Curiosamente, os casamentos no mundo primitivo eram grupais e tinham como uma das suas principais funções a proteção contra as ameaças da natureza. A sobrevivência era o principal objetivo e para isso, o homem primitivo devia copular rapidamente e sem restrições. A maternidade era óbvia, mas a paternidade não. Levou alguns milhares de anos até que a humanidade entendesse a relação entre sexo e procriação. Noções de moral, culpa, infidelidade e pecado não existiam nessa época.

Assim, os casamentos grupais eram possíveis enquanto o comportamento sexual permanecia instintivo e fora do controle consciente. Mas, uma vez que o mistério da concepção foi revelado e a ideia de “propriedade” começou a existir entre os homens primitivos, o conceito de sexo/casamento grupal se tornou insustentável e teve decretada sua sentença de morte. Para sempre. A revolução sexual da década de 70 que o diga!

 

A grande questão é que a morte do casamento grupal levou com ele a igualdade de gênero. Olhe a sua volta. Procure por homens e mulheres com mais de 30 anos que ainda não se casaram. O que você pensa deles? Como você acha que as outras pessoas os vêem? Provavelmente você irá perceber que os homens são tidos como independentes ou inteligentes enquanto as mulheres na mesma situação são vistas como desesperadas, dignas de pena e são muitas vezes tratadas como mercadorias perecíveis.

Como nascem as crenças?

Desde a infância as meninas são doutrinadas a desenvolverem as virtudes do casamento, o que contribui para o fortalecimento dos papéis de gênero. Esta ideologia educa os meninos como guerreiros e responsáveis pelas decisões e as meninas como mães e donas de casa. Os meninos são incentivados a serem corajosos e fortes enquanto as meninas são incentivadas a serem belas e passivas.

Há alguns poucos anos um dos meus sobrinhos que tinha 4 anos. Estávamos visitando minha mãe e eu digitava algo em meu laptop. Ele se aproximou de mim com uma imensa interrogação tatuada na testa. Perguntei o que era e ele me disse: Titia, você é homem!

Diante do meu espanto ele se explicou: Você dirige aquele carro; você tem dinheiro e comprou este computador, então, você é homem!

A realidade é que todas as mulheres da minha família trabalham e fazem seu próprio dinheiro, com exceção da mãe dele. E este é o modelo que está presente na vida dele e este é o modelo que ele entende. E é provavelmente assim que ela quererá sua parceira/esposa.

Quando crianças nós lutamos para entender o mundo e buscamos sentido para os eventos e objetos. Precisamos aprender o mais rápido possível o que é e o que não é e para isso utilizamos categorias, como homem e mulher, por exemplo.

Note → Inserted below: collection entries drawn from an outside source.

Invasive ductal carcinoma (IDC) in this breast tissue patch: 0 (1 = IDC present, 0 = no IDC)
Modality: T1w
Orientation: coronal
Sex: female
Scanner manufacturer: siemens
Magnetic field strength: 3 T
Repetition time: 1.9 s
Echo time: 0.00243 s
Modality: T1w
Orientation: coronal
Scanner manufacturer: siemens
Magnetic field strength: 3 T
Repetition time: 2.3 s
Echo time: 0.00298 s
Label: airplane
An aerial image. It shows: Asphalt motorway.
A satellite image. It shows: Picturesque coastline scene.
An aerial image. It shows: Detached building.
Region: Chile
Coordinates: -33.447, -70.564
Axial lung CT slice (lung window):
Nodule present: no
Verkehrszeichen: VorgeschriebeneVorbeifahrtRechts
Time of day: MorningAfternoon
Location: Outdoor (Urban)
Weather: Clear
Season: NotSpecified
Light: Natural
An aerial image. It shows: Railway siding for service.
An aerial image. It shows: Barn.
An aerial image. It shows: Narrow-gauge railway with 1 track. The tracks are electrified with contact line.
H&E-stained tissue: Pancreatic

E assim crescemos: cheios de certezas e regras do que deve e do que não deve. E assim nos casamos. Mas, diferentemente do que acontecia há algumas décadas, atualmente homens e mulheres não têm as mesmas necessidades sociais e econômicas de permanecerem casados como no passado. Por isso, acredito que ESTE casamento não tem futuro. Casamentos não permitem hierarquia e nenhuma das partes deve, jamais, se sentir oprimida.

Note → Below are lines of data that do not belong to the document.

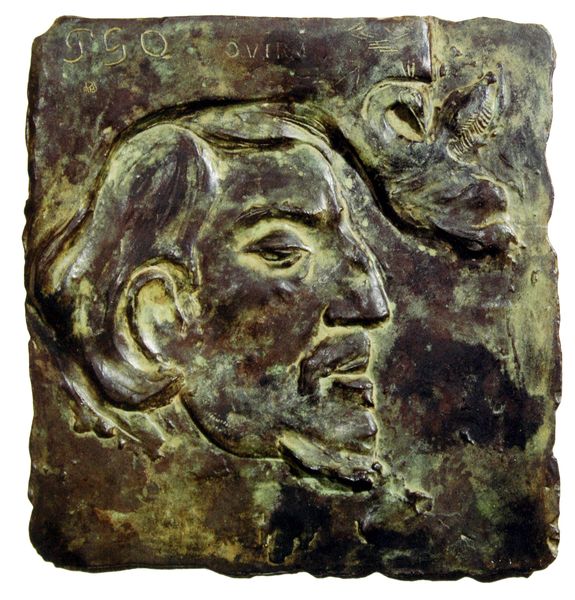
Titel: Sebstbildnis Oviri
Künstler: Paul Gauguin
Standort: Essen
Institution: Museum Folkwang
Schlagwörter: blau, dunkel, kopf, mann, gelb, grün, haar, holz, köpfe, mund, nase, ohr, profil, schwarz, stirn, tiere, bart, augen, gesicht, sehen, stein, portrait, porträt, auge, haare, kaufmann, kinn, ohren, scheitel, skulptur, fell, relief, schrift, seitlich, violett, massiv, einfach, metall, bronze, platte, nachdenklich, augenbraue, kinnbart, schnitt, kupfer, mäuler, schnautzer, vincent van gogh, zähne, fuchs, portät, oberlippenbart, männerkopf, fossil, schnitzen, stien, ruhend, tierköpfe, schnauzen, patina, lid, ovid, meiseln, überlegend, mann kopf, zögernd, sean cnnery, sean connery, steinhau, pgo, ggo
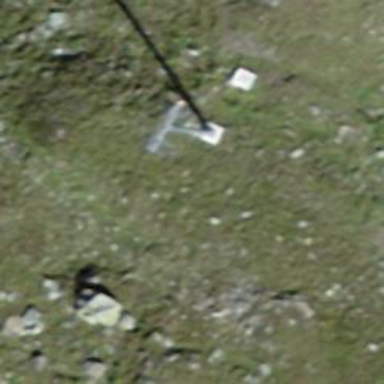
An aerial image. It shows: Pylon for aerialway.

Mas, como evitar que isso aconteça?

Primeiro, devemos deixar de lado a ideia de que devemos nos casar com “A pessoa”. Sabe aquela pessoa especial, única? Pois é, ela não existe. Não podemos acreditar que “A pessoa” será nosso melhor amigo, um amante apaixonado, um incentivador intelectual, bonito, inteligente, que irá nos proporcionar senso de segurança, aventura e mistério, tudo ao mesmo tempo. Isto é impossível!

Segundo, é especialmente importante que comecemos nossos relacionamentos como amigos. Somente a partir daí poderemos construir casamentos baseados no respeito mútuo e na igualdade, com equilíbrio entre as expectativas e as responsabilidades.

Bom casamento!

 

Texto publicado originalmente em yezz.news.

VICIADO EM AMOR: COMPREENDENDO CICLOS DE DRAMA

Você já ouviu alguma das seguintes frases?

1- “Como posso amá-la um minuto e odiá-la tanto no próximo?”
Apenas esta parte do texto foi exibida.